Self compassion

I’m just doing a quick survey to find out who says loving things to themselves inside their head 24/7? Anyone? Anyone?! Yep, us crazy humans are pretty hard on ourselves. 

These days it’s relatively easy to learn what we should eat, how we should exercise, ways to sustain our physical health, but we still have very little knowledge or guidance on how to be well in our mind. Since the start of 2020, stress has taken on a whole new meaning and finding a way to navigate the negative thoughts in our heads has become even more important. 

At a recent Red Tent Circle we talked about the ground breaking work of Dr Kristen Neff on self compassion. I’d highly recommend her TedTalk and the brilliant exercises she shares that can help us build up a practice of self compassion. 

Dr Neff says that self compassion is not a way of judging ourselves positively, it’s a way of relating to ourselves kindly, embracing ourselves as we are: flaws and all. She says self compassion has three parts – self-kindness; recognising our place in the shared, imperfect human experience; and mindfulness. 
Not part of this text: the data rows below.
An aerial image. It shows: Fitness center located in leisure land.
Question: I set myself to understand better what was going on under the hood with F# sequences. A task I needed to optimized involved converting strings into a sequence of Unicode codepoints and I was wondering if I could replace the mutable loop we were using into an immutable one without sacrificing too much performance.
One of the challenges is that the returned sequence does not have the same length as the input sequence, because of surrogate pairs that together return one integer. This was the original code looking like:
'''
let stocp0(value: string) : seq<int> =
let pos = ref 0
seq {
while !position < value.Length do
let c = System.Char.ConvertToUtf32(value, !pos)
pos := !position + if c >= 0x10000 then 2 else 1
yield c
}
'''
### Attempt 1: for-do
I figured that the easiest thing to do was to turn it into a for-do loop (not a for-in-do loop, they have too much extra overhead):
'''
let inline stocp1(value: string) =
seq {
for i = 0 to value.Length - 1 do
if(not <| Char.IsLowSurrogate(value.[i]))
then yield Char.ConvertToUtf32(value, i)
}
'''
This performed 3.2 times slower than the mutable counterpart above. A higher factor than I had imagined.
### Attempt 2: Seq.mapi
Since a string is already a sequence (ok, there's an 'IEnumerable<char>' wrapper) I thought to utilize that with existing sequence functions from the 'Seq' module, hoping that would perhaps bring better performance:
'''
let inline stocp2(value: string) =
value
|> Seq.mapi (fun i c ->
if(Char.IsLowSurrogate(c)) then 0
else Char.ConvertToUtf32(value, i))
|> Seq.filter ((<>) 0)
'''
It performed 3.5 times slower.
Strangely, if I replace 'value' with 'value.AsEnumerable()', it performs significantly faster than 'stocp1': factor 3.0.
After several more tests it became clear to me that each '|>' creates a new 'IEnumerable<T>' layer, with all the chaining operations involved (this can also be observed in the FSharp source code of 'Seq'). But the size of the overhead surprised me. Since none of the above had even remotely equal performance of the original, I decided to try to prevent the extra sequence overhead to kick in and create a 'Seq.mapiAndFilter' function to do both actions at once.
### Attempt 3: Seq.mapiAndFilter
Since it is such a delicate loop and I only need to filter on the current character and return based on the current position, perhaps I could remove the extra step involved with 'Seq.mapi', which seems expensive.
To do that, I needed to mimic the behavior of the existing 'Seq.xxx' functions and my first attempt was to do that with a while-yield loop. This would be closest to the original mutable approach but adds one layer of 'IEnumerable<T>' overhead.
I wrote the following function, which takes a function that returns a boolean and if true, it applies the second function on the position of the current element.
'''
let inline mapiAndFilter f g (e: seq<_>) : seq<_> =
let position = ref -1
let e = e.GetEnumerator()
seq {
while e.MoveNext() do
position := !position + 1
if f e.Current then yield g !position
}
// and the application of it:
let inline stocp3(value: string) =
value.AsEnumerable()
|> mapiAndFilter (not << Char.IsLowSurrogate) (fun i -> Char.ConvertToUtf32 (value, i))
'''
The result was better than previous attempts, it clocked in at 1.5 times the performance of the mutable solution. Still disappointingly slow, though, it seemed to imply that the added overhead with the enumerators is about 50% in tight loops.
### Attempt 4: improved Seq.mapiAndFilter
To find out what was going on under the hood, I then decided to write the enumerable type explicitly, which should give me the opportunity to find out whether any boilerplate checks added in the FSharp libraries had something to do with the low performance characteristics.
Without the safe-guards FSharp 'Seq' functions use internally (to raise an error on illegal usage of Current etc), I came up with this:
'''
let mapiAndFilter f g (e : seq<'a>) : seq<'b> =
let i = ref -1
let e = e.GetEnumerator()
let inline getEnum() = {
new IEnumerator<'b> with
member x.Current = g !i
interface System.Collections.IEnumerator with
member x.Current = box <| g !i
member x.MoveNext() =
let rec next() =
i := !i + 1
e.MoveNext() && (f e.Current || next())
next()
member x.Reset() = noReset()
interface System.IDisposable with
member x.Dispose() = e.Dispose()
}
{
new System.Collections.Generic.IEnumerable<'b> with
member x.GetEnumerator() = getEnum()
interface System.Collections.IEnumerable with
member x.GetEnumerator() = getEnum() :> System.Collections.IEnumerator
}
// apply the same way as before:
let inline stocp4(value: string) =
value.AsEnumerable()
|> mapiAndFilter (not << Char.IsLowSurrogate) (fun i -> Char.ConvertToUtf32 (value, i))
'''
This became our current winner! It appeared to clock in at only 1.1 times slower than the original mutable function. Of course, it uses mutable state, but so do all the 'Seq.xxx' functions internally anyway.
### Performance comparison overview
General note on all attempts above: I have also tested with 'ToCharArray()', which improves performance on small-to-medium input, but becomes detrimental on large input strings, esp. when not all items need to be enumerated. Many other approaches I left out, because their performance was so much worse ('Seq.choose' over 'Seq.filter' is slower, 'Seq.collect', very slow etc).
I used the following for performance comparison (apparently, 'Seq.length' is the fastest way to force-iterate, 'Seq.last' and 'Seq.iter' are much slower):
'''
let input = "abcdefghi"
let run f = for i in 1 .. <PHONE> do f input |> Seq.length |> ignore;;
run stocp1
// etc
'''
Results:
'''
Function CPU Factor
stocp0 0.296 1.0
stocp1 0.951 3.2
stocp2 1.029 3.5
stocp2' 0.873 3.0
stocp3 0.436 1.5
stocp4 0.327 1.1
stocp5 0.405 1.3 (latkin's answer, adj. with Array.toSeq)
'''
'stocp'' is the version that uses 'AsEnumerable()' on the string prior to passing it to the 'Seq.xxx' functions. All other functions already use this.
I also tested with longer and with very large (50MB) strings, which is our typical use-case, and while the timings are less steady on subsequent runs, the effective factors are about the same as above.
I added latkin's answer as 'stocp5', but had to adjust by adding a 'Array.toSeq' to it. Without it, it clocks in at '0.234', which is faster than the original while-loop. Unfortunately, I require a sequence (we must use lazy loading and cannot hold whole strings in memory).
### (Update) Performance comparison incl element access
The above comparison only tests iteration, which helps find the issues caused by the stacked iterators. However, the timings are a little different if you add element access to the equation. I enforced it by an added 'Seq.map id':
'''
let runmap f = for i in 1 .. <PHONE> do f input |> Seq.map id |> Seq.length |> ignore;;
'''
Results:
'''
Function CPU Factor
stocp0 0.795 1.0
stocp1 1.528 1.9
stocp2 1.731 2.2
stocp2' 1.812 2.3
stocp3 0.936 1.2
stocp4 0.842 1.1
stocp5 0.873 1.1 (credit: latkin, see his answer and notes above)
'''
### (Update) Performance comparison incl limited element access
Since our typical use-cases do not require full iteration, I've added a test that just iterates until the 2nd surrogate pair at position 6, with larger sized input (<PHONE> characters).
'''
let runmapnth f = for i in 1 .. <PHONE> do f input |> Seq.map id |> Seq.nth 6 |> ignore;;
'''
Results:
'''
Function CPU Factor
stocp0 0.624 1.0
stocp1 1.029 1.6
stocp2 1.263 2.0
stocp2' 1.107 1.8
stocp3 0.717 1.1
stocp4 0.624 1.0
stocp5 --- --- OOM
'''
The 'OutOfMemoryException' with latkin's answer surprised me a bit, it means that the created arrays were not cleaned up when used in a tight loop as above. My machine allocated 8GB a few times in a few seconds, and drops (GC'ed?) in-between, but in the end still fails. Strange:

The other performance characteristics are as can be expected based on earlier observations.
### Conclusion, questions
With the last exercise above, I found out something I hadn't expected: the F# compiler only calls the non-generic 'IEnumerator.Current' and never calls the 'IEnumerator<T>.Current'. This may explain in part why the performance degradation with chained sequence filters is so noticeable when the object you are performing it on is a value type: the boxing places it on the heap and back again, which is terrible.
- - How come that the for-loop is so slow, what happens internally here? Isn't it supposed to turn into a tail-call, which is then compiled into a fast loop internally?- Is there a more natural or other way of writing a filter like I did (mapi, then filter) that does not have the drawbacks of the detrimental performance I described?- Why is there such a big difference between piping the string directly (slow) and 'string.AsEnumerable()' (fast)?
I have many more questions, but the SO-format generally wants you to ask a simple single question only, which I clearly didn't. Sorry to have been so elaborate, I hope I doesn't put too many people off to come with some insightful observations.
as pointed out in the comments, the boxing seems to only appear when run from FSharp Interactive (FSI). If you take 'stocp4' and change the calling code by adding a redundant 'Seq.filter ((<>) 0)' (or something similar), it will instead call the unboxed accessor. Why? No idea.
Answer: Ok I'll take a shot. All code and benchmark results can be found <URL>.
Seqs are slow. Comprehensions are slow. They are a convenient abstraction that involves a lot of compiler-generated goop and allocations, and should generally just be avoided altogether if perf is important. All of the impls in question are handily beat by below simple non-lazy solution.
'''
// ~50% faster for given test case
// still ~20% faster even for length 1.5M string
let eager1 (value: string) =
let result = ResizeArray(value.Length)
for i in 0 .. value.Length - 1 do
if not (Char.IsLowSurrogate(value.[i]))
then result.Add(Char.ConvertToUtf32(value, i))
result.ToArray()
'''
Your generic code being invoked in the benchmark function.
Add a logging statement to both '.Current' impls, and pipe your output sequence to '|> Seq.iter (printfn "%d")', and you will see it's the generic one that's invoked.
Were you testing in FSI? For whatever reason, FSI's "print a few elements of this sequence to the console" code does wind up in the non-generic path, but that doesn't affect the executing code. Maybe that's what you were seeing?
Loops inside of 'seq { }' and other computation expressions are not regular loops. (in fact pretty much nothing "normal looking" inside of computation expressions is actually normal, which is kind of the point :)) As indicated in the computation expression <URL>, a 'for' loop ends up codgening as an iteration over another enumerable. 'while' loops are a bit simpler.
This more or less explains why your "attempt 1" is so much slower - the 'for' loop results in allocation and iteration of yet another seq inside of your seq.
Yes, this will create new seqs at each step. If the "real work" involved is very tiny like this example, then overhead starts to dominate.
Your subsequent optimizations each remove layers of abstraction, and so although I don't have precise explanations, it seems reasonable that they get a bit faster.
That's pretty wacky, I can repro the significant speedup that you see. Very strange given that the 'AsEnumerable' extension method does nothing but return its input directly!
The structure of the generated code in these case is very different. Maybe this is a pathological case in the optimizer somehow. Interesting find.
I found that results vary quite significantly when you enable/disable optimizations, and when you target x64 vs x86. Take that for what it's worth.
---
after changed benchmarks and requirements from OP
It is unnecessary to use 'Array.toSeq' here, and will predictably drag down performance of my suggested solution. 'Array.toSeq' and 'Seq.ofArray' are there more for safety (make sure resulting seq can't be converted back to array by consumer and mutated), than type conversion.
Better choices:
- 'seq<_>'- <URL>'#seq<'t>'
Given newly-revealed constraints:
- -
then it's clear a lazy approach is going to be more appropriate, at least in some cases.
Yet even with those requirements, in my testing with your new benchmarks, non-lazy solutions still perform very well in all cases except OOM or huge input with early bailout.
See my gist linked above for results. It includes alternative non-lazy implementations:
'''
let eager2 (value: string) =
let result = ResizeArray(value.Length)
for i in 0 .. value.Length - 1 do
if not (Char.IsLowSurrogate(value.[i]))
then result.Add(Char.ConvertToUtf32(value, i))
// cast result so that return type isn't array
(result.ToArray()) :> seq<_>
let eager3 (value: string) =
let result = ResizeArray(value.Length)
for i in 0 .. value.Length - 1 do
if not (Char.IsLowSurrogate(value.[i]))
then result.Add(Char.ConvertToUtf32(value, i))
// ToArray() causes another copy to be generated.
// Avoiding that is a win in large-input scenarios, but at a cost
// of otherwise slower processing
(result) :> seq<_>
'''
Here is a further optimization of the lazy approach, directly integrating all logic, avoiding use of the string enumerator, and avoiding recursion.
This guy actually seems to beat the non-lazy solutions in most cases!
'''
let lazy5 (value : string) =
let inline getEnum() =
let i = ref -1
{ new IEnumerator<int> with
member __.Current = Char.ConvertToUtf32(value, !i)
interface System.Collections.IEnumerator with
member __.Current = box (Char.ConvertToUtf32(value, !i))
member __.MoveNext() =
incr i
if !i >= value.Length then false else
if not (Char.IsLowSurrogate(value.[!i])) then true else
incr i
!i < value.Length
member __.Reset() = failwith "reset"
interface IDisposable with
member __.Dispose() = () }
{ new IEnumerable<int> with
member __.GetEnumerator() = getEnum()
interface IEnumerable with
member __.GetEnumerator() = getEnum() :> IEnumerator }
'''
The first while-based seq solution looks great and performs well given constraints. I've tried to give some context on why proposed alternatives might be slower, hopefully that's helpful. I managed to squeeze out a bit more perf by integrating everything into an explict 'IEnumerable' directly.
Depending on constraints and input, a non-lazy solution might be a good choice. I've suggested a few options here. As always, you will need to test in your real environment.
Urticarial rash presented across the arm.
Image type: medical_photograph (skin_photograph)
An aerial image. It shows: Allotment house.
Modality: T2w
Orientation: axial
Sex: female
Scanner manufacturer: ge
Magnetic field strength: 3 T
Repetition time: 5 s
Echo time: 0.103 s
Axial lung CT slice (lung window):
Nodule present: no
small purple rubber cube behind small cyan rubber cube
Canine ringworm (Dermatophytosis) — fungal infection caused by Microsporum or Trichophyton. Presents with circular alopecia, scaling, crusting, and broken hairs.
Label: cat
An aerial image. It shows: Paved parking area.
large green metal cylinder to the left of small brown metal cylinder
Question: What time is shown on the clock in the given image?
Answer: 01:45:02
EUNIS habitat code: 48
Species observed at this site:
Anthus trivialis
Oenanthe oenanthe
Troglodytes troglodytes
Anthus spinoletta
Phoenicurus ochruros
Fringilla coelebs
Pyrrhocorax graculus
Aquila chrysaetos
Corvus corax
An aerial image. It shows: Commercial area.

Research shows that self compassion benefits every part of our health – our mental wellbeing, increased heart rate variability and reduced inflammation. So there’s lots of reasons we need to dabble in this self compassion malarkey and here are some ways we can be kinder to ourselves:

  • Tracking your cycle – acknowledging your cyclical nature is the ultimate act of kindness
  • Positive self talk – speak to yourself the way you speak to someone you love
  • Giving yourself an encouraging word – “oh I did that well” or “every day I’m learning and getting better”
  • Congratulate yourself at the end of the day as you lay down to sleep, rather than making lists of things you didn’t do

Every day we need to work on turning down the volume of your inner critic and cranking up the self love.